From the first line to the last, repeat the data exactly and drop the pictures.

--- Provided records Enclosed Below ---

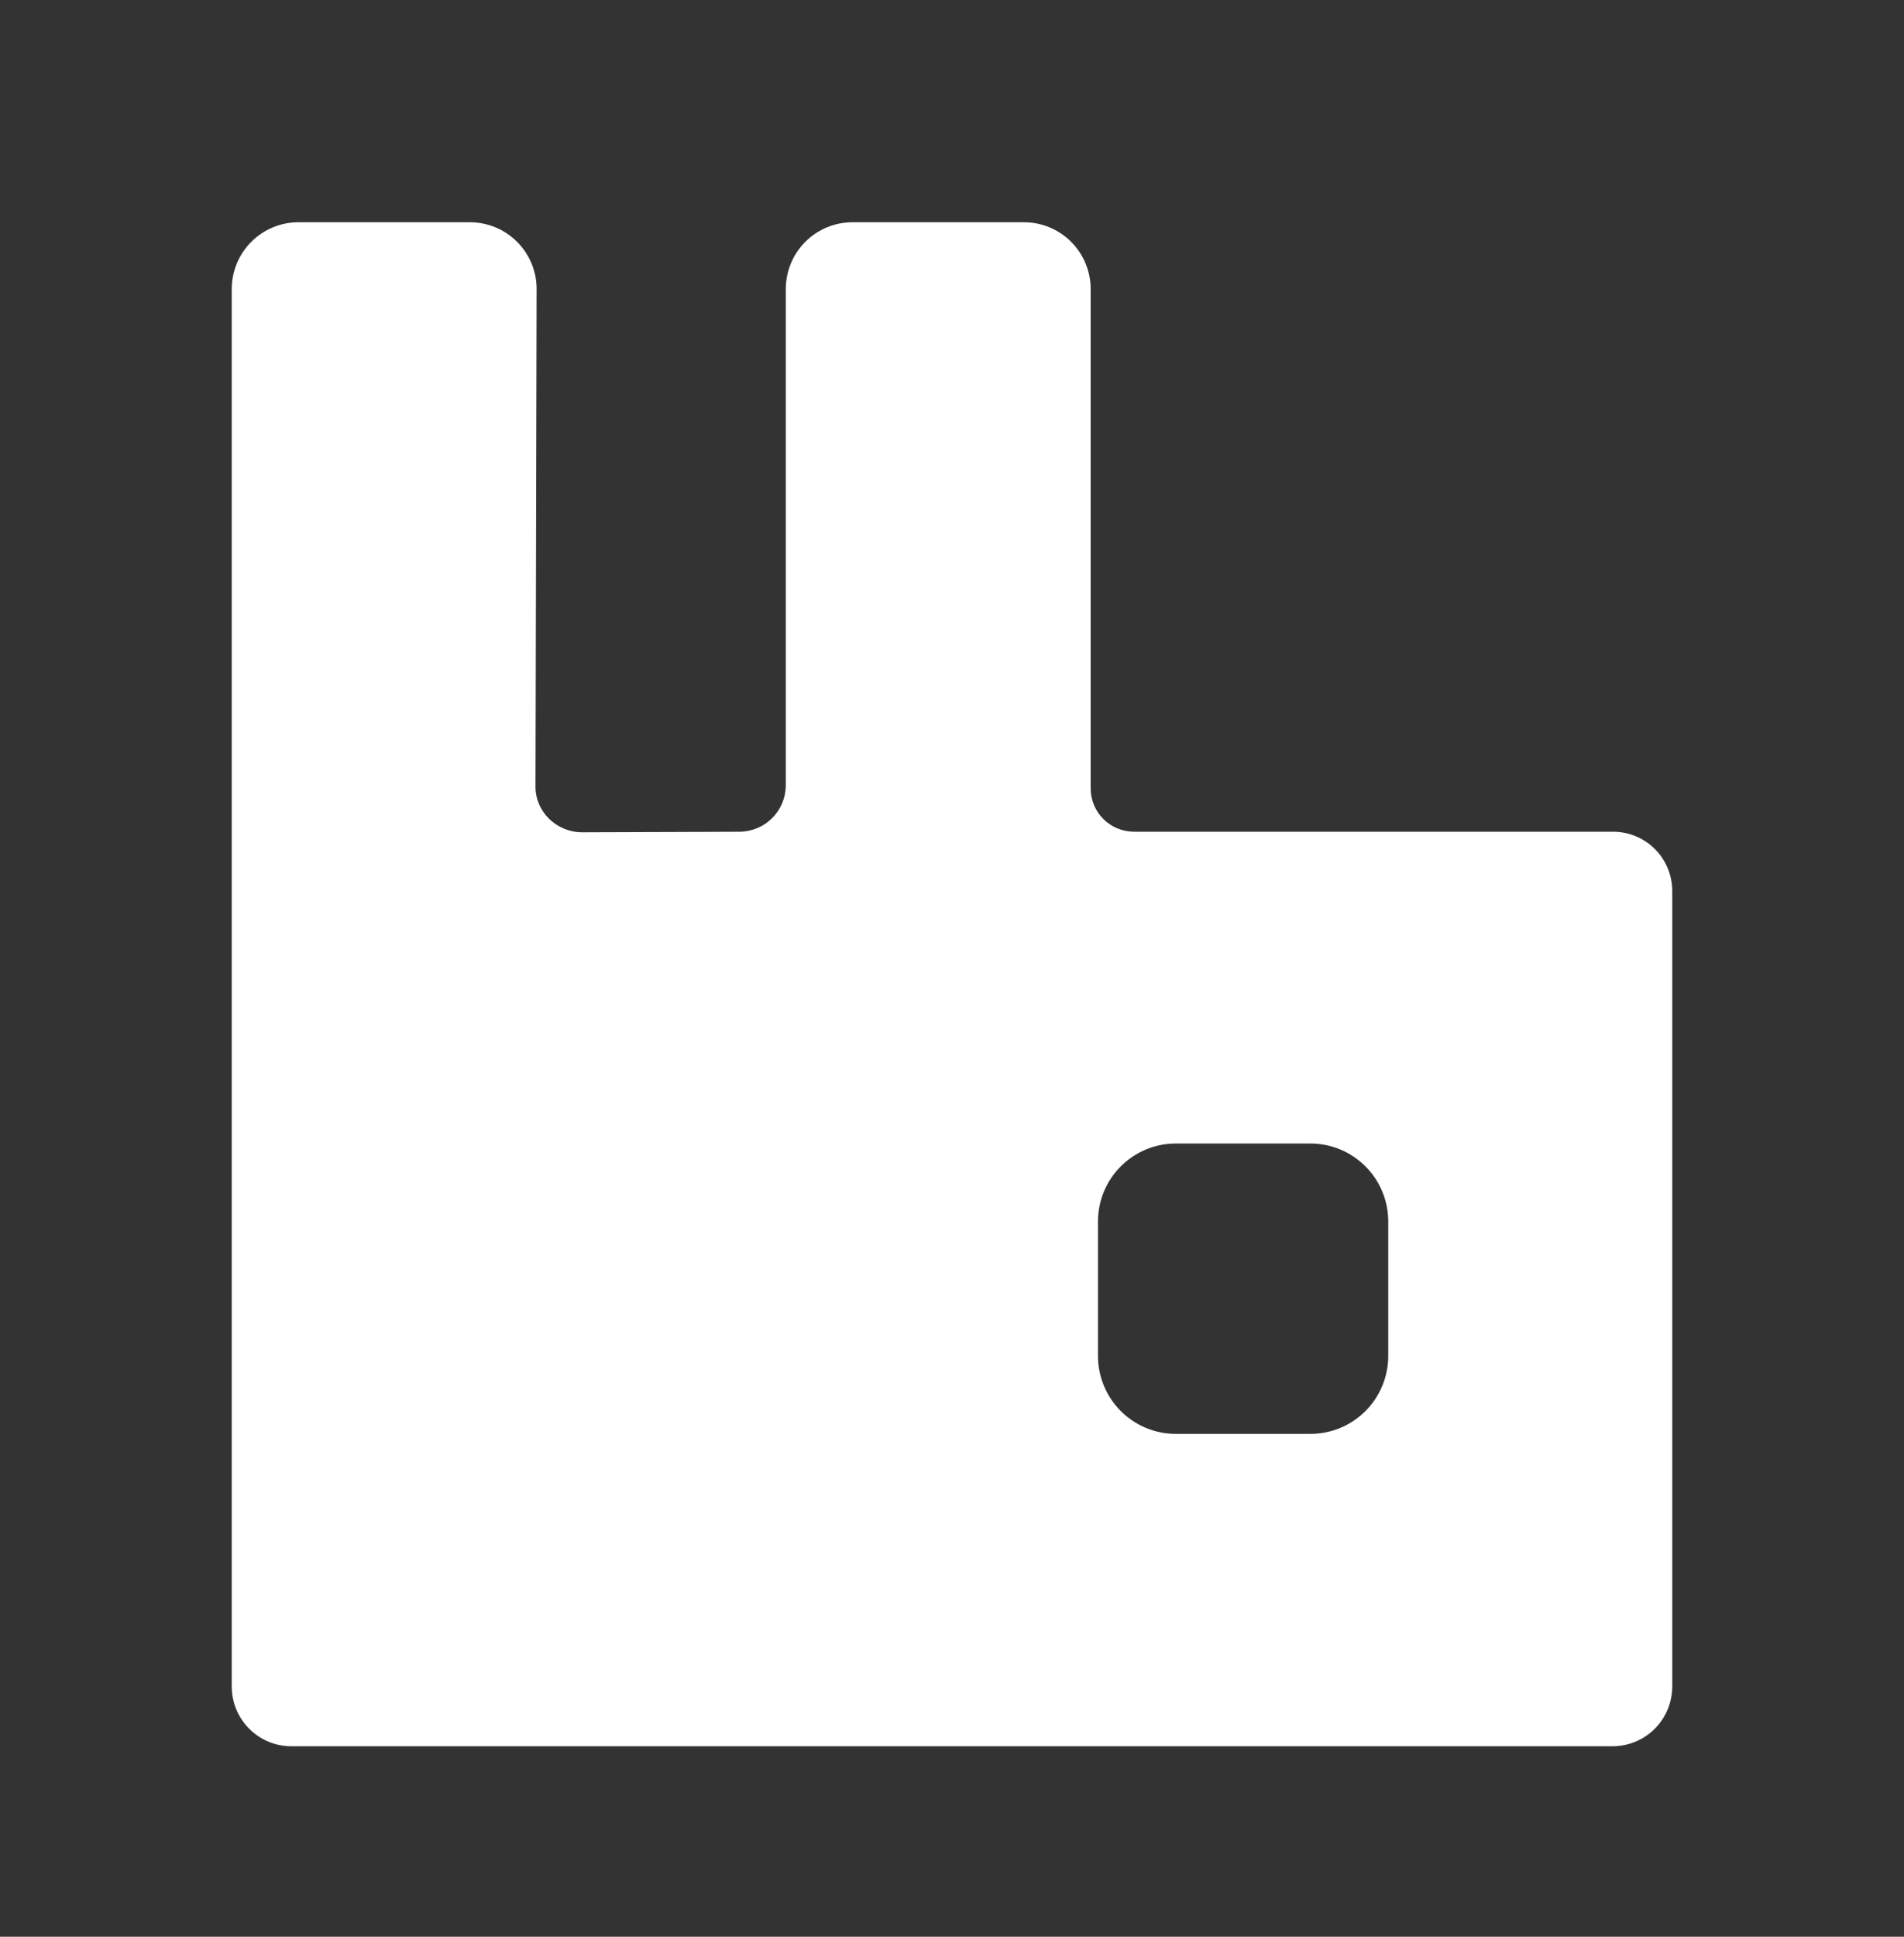 <svg width="60" height="61" viewBox="0 0 60 61" fill="none" xmlns="http://www.w3.org/2000/svg">
<rect x="0" y="0" width="60" height="61" fill="#333333" stroke="none"/>
<g clip-path="url(#clip0_411_454)">
<path d="M50.819 26.196H35.734C35.555 26.195 35.377 26.16 35.212 26.091C35.046 26.023 34.895 25.922 34.769 25.795C34.642 25.669 34.541 25.518 34.473 25.352C34.404 25.187 34.369 25.009 34.369 24.83V9.108C34.37 8.831 34.316 8.556 34.21 8.3C34.104 8.044 33.949 7.811 33.753 7.615C33.557 7.419 33.324 7.264 33.068 7.159C32.812 7.053 32.537 6.999 32.26 7H26.872C26.595 6.999 26.32 7.053 26.064 7.158C25.808 7.264 25.575 7.419 25.379 7.615C25.183 7.811 25.027 8.043 24.922 8.3C24.816 8.556 24.762 8.83 24.762 9.108V24.725C24.763 24.918 24.725 25.11 24.652 25.288C24.578 25.467 24.47 25.63 24.333 25.766C24.197 25.903 24.034 26.012 23.856 26.085C23.677 26.159 23.485 26.197 23.292 26.197L18.347 26.214C17.531 26.214 16.857 25.558 16.875 24.742L16.91 9.109C16.911 8.832 16.857 8.557 16.751 8.301C16.645 8.045 16.49 7.812 16.294 7.616C16.098 7.42 15.865 7.264 15.608 7.159C15.352 7.053 15.077 6.999 14.8 7H9.412C9.135 6.999 8.86 7.053 8.604 7.159C8.348 7.265 8.115 7.42 7.919 7.616C7.723 7.812 7.567 8.045 7.462 8.301C7.356 8.558 7.302 8.832 7.303 9.109V53.121C7.303 54.148 8.135 55 9.181 55H50.819C51.317 54.999 51.794 54.801 52.146 54.449C52.498 54.097 52.696 53.619 52.697 53.121V28.073C52.698 27.826 52.651 27.581 52.557 27.353C52.463 27.124 52.325 26.916 52.15 26.742C51.975 26.567 51.768 26.429 51.539 26.335C51.311 26.241 51.066 26.194 50.819 26.196ZM43.747 42.716C43.745 43.364 43.487 43.985 43.028 44.444C42.57 44.902 41.949 45.16 41.3 45.162H37.047C36.398 45.16 35.777 44.902 35.319 44.443C34.861 43.985 34.602 43.364 34.6 42.716V38.463C34.602 37.815 34.861 37.193 35.319 36.735C35.777 36.277 36.398 36.018 37.047 36.016H41.3C41.948 36.018 42.569 36.276 43.028 36.735C43.486 37.193 43.745 37.814 43.747 38.462L43.747 42.716Z" fill="white"/>
</g>
<defs>
<clipPath id="clip0_411_454">
<rect width="48" height="48" fill="white" transform="translate(6 7)"/>
</clipPath>
</defs>
</svg>
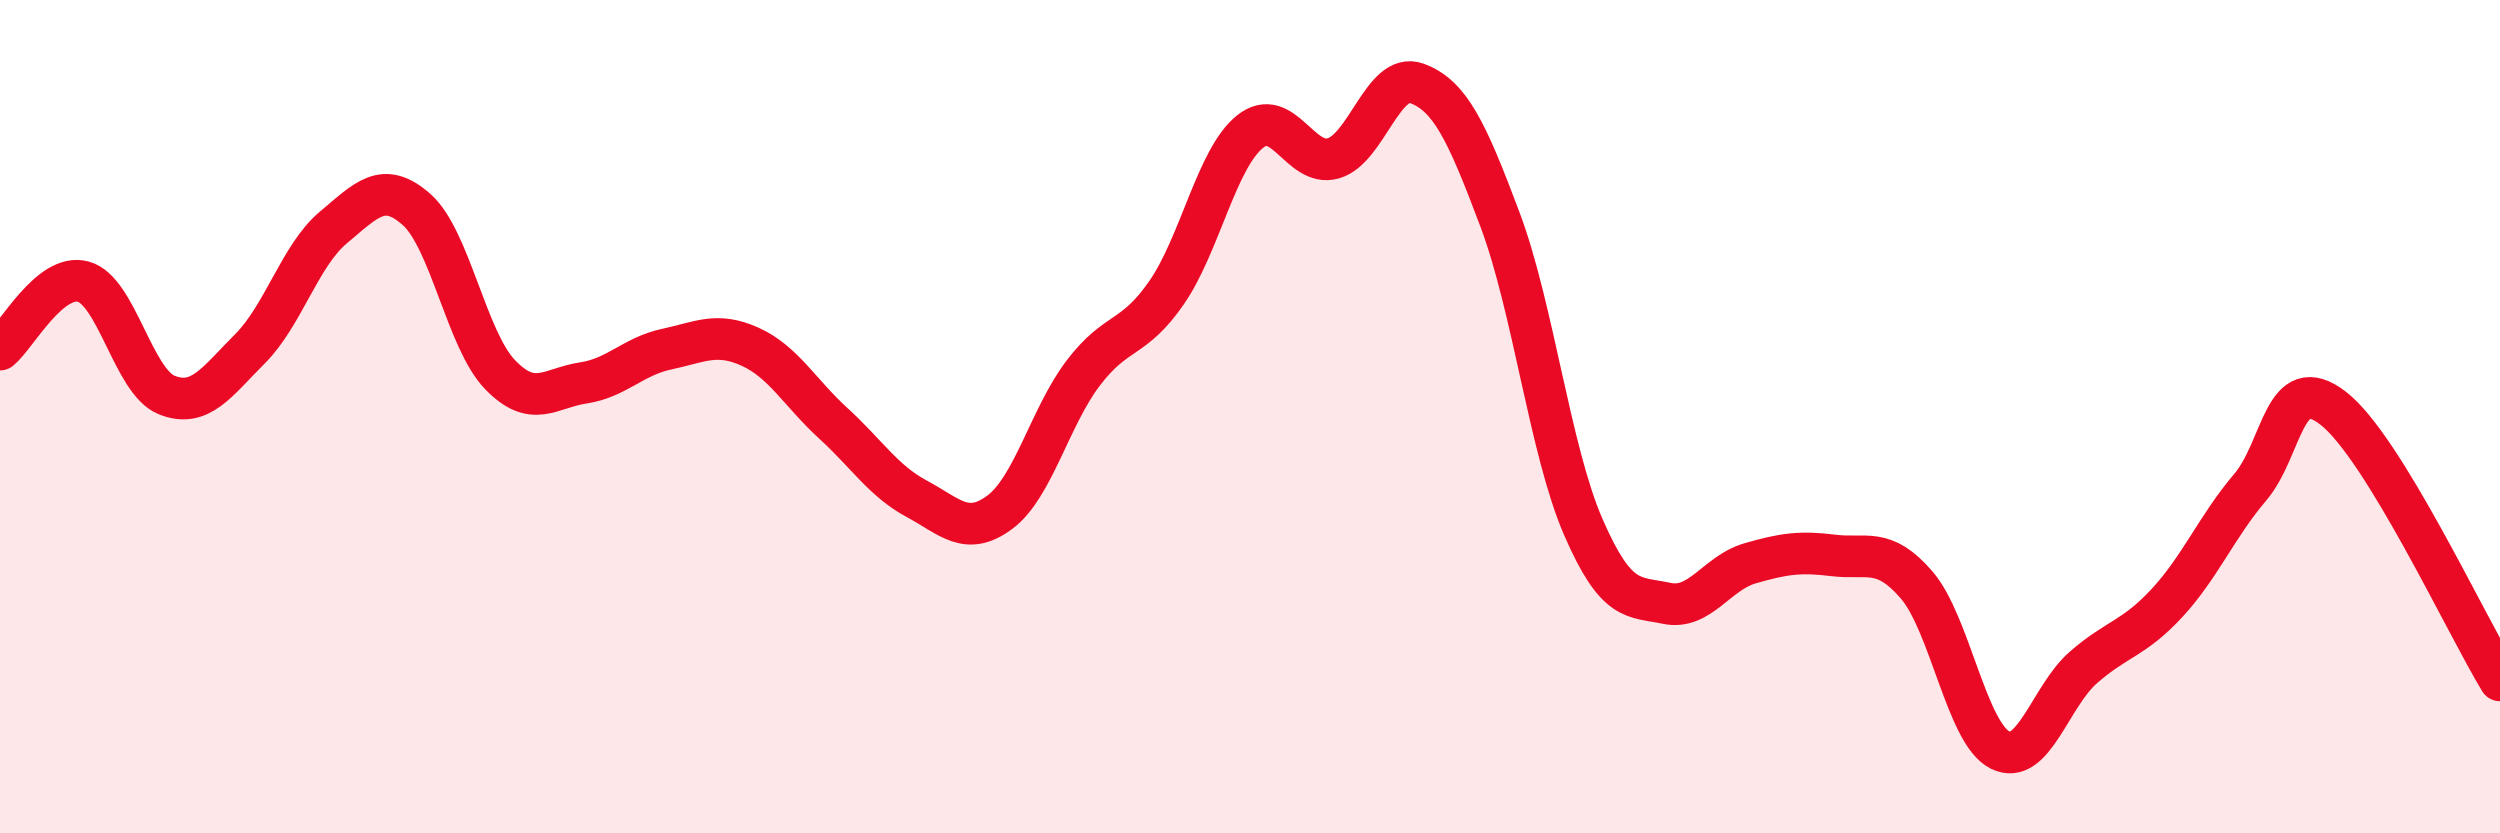 
    <svg width="60" height="20" viewBox="0 0 60 20" xmlns="http://www.w3.org/2000/svg">
      <path
        d="M 0,8.39 C 0.4,8.06 1.2,6.54 2,6.76 C 2.8,6.98 3.2,9.16 4,9.48 C 4.8,9.8 5.2,9.17 6,8.37 C 6.8,7.57 7.2,6.13 8,5.46 C 8.8,4.79 9.2,4.32 10,5.03 C 10.8,5.74 11.2,8.16 12,8.99 C 12.8,9.82 13.2,9.31 14,9.19 C 14.8,9.07 15.2,8.55 16,8.38 C 16.8,8.21 17.2,7.96 18,8.32 C 18.8,8.68 19.2,9.43 20,10.16 C 20.8,10.89 21.2,11.54 22,11.97 C 22.8,12.4 23.2,12.89 24,12.29 C 24.8,11.69 25.2,10 26,8.95 C 26.8,7.9 27.2,8.18 28,7.02 C 28.8,5.86 29.2,3.8 30,3.16 C 30.8,2.52 31.2,4.03 32,3.8 C 32.8,3.57 33.2,1.71 34,2 C 34.8,2.29 35.2,3.14 36,5.27 C 36.8,7.4 37.2,10.81 38,12.65 C 38.8,14.49 39.2,14.31 40,14.48 C 40.8,14.65 41.2,13.75 42,13.52 C 42.8,13.29 43.2,13.23 44,13.33 C 44.8,13.43 45.2,13.11 46,14.04 C 46.8,14.97 47.2,17.6 48,18 C 48.8,18.4 49.2,16.72 50,16.02 C 50.8,15.32 51.2,15.34 52,14.48 C 52.8,13.62 53.2,12.64 54,11.7 C 54.8,10.76 54.8,8.87 56,9.8 C 57.2,10.73 59.2,15.02 60,16.33L60 20L0 20Z"
        fill="#EB0A25"
        opacity="0.1"
        stroke-linecap="round"
        stroke-linejoin="round"
      />
      <path
        d="M 0,8.39 C 0.4,8.06 1.2,6.54 2,6.76 C 2.8,6.98 3.2,9.16 4,9.48 C 4.8,9.8 5.2,9.17 6,8.37 C 6.8,7.57 7.2,6.13 8,5.46 C 8.8,4.79 9.2,4.32 10,5.03 C 10.8,5.74 11.2,8.16 12,8.99 C 12.8,9.82 13.2,9.31 14,9.19 C 14.8,9.07 15.2,8.55 16,8.38 C 16.8,8.21 17.2,7.96 18,8.32 C 18.8,8.68 19.2,9.43 20,10.16 C 20.8,10.89 21.2,11.54 22,11.97 C 22.8,12.4 23.2,12.89 24,12.29 C 24.8,11.69 25.2,10 26,8.95 C 26.8,7.9 27.2,8.18 28,7.02 C 28.8,5.86 29.2,3.8 30,3.16 C 30.8,2.52 31.2,4.03 32,3.8 C 32.8,3.57 33.2,1.71 34,2 C 34.8,2.29 35.2,3.14 36,5.27 C 36.8,7.4 37.2,10.81 38,12.65 C 38.8,14.49 39.2,14.31 40,14.48 C 40.8,14.65 41.2,13.75 42,13.52 C 42.8,13.29 43.2,13.23 44,13.33 C 44.8,13.43 45.2,13.11 46,14.04 C 46.8,14.97 47.2,17.6 48,18 C 48.8,18.4 49.2,16.72 50,16.02 C 50.8,15.32 51.2,15.34 52,14.48 C 52.8,13.62 53.2,12.64 54,11.7 C 54.8,10.76 54.8,8.87 56,9.8 C 57.2,10.73 59.2,15.02 60,16.33"
        stroke="#EB0A25"
        stroke-width="1"
        fill="none"
        stroke-linecap="round"
        stroke-linejoin="round"
      />
    </svg>

--- End of Enclosed Provided records ---

**Task result**
 <svg width="60" height="61" viewBox="0 0 60 61" fill="none" xmlns="http://www.w3.org/2000/svg">
<rect x="0" y="0" width="60" height="61" fill="#333333" stroke="none"/>
<g clip-path="url(#clip0_411_454)">
<path d="M50.819 26.196H35.734C35.555 26.195 35.377 26.16 35.212 26.091C35.046 26.023 34.895 25.922 34.769 25.795C34.642 25.669 34.541 25.518 34.473 25.352C34.404 25.187 34.369 25.009 34.369 24.83V9.108C34.37 8.831 34.316 8.556 34.21 8.3C34.104 8.044 33.949 7.811 33.753 7.615C33.557 7.419 33.324 7.264 33.068 7.159C32.812 7.053 32.537 6.999 32.26 7H26.872C26.595 6.999 26.32 7.053 26.064 7.158C25.808 7.264 25.575 7.419 25.379 7.615C25.183 7.811 25.027 8.043 24.922 8.3C24.816 8.556 24.762 8.83 24.762 9.108V24.725C24.763 24.918 24.725 25.11 24.652 25.288C24.578 25.467 24.47 25.63 24.333 25.766C24.197 25.903 24.034 26.012 23.856 26.085C23.677 26.159 23.485 26.197 23.292 26.197L18.347 26.214C17.531 26.214 16.857 25.558 16.875 24.742L16.91 9.109C16.911 8.832 16.857 8.557 16.751 8.301C16.645 8.045 16.49 7.812 16.294 7.616C16.098 7.42 15.865 7.264 15.608 7.159C15.352 7.053 15.077 6.999 14.8 7H9.412C9.135 6.999 8.86 7.053 8.604 7.159C8.348 7.265 8.115 7.42 7.919 7.616C7.723 7.812 7.567 8.045 7.462 8.301C7.356 8.558 7.302 8.832 7.303 9.109V53.121C7.303 54.148 8.135 55 9.181 55H50.819C51.317 54.999 51.794 54.801 52.146 54.449C52.498 54.097 52.696 53.619 52.697 53.121V28.073C52.698 27.826 52.651 27.581 52.557 27.353C52.463 27.124 52.325 26.916 52.15 26.742C51.975 26.567 51.768 26.429 51.539 26.335C51.311 26.241 51.066 26.194 50.819 26.196ZM43.747 42.716C43.745 43.364 43.487 43.985 43.028 44.444C42.57 44.902 41.949 45.16 41.3 45.162H37.047C36.398 45.16 35.777 44.902 35.319 44.443C34.861 43.985 34.602 43.364 34.6 42.716V38.463C34.602 37.815 34.861 37.193 35.319 36.735C35.777 36.277 36.398 36.018 37.047 36.016H41.3C41.948 36.018 42.569 36.276 43.028 36.735C43.486 37.193 43.745 37.814 43.747 38.462L43.747 42.716Z" fill="white"/>
</g>
<defs>
<clipPath id="clip0_411_454">
<rect width="48" height="48" fill="white" transform="translate(6 7)"/>
</clipPath>
</defs>
</svg>
    <svg width="60" height="20" viewBox="0 0 60 20" xmlns="http://www.w3.org/2000/svg">
      <path
        d="M 0,8.39 C 0.4,8.06 1.2,6.54 2,6.76 C 2.8,6.98 3.2,9.16 4,9.48 C 4.8,9.8 5.2,9.17 6,8.37 C 6.8,7.57 7.2,6.13 8,5.46 C 8.8,4.79 9.2,4.32 10,5.03 C 10.8,5.74 11.2,8.16 12,8.99 C 12.8,9.82 13.2,9.31 14,9.19 C 14.8,9.07 15.2,8.55 16,8.38 C 16.8,8.21 17.2,7.96 18,8.32 C 18.8,8.68 19.2,9.43 20,10.16 C 20.8,10.89 21.2,11.54 22,11.97 C 22.8,12.4 23.2,12.89 24,12.29 C 24.8,11.69 25.2,10 26,8.95 C 26.8,7.9 27.2,8.18 28,7.02 C 28.8,5.86 29.2,3.8 30,3.16 C 30.8,2.52 31.2,4.03 32,3.8 C 32.8,3.57 33.2,1.71 34,2 C 34.8,2.29 35.2,3.14 36,5.27 C 36.8,7.4 37.2,10.81 38,12.65 C 38.8,14.49 39.2,14.31 40,14.48 C 40.8,14.65 41.2,13.75 42,13.52 C 42.8,13.29 43.2,13.23 44,13.33 C 44.8,13.43 45.2,13.11 46,14.04 C 46.8,14.97 47.2,17.6 48,18 C 48.8,18.4 49.2,16.72 50,16.02 C 50.8,15.32 51.2,15.34 52,14.48 C 52.8,13.62 53.2,12.64 54,11.7 C 54.8,10.76 54.8,8.87 56,9.8 C 57.2,10.73 59.2,15.02 60,16.33L60 20L0 20Z"
        fill="#EB0A25"
        opacity="0.1"
        stroke-linecap="round"
        stroke-linejoin="round"
      />
      <path
        d="M 0,8.39 C 0.4,8.06 1.2,6.54 2,6.76 C 2.8,6.98 3.2,9.16 4,9.48 C 4.8,9.8 5.2,9.17 6,8.37 C 6.8,7.57 7.2,6.13 8,5.46 C 8.8,4.79 9.2,4.32 10,5.03 C 10.8,5.74 11.2,8.16 12,8.99 C 12.8,9.82 13.2,9.31 14,9.19 C 14.8,9.07 15.2,8.55 16,8.38 C 16.8,8.21 17.2,7.96 18,8.32 C 18.8,8.68 19.2,9.43 20,10.16 C 20.8,10.89 21.2,11.54 22,11.97 C 22.8,12.4 23.2,12.89 24,12.29 C 24.8,11.69 25.2,10 26,8.95 C 26.8,7.9 27.2,8.18 28,7.02 C 28.8,5.86 29.2,3.8 30,3.16 C 30.8,2.52 31.2,4.03 32,3.8 C 32.8,3.57 33.2,1.71 34,2 C 34.8,2.29 35.2,3.14 36,5.27 C 36.8,7.4 37.2,10.81 38,12.65 C 38.8,14.49 39.2,14.31 40,14.48 C 40.8,14.65 41.2,13.75 42,13.52 C 42.8,13.29 43.2,13.23 44,13.33 C 44.8,13.43 45.2,13.11 46,14.04 C 46.8,14.97 47.2,17.6 48,18 C 48.8,18.4 49.2,16.72 50,16.02 C 50.8,15.32 51.2,15.34 52,14.48 C 52.8,13.62 53.2,12.64 54,11.7 C 54.8,10.76 54.8,8.87 56,9.8 C 57.2,10.73 59.2,15.02 60,16.33"
        stroke="#EB0A25"
        stroke-width="1"
        fill="none"
        stroke-linecap="round"
        stroke-linejoin="round"
      />
    </svg>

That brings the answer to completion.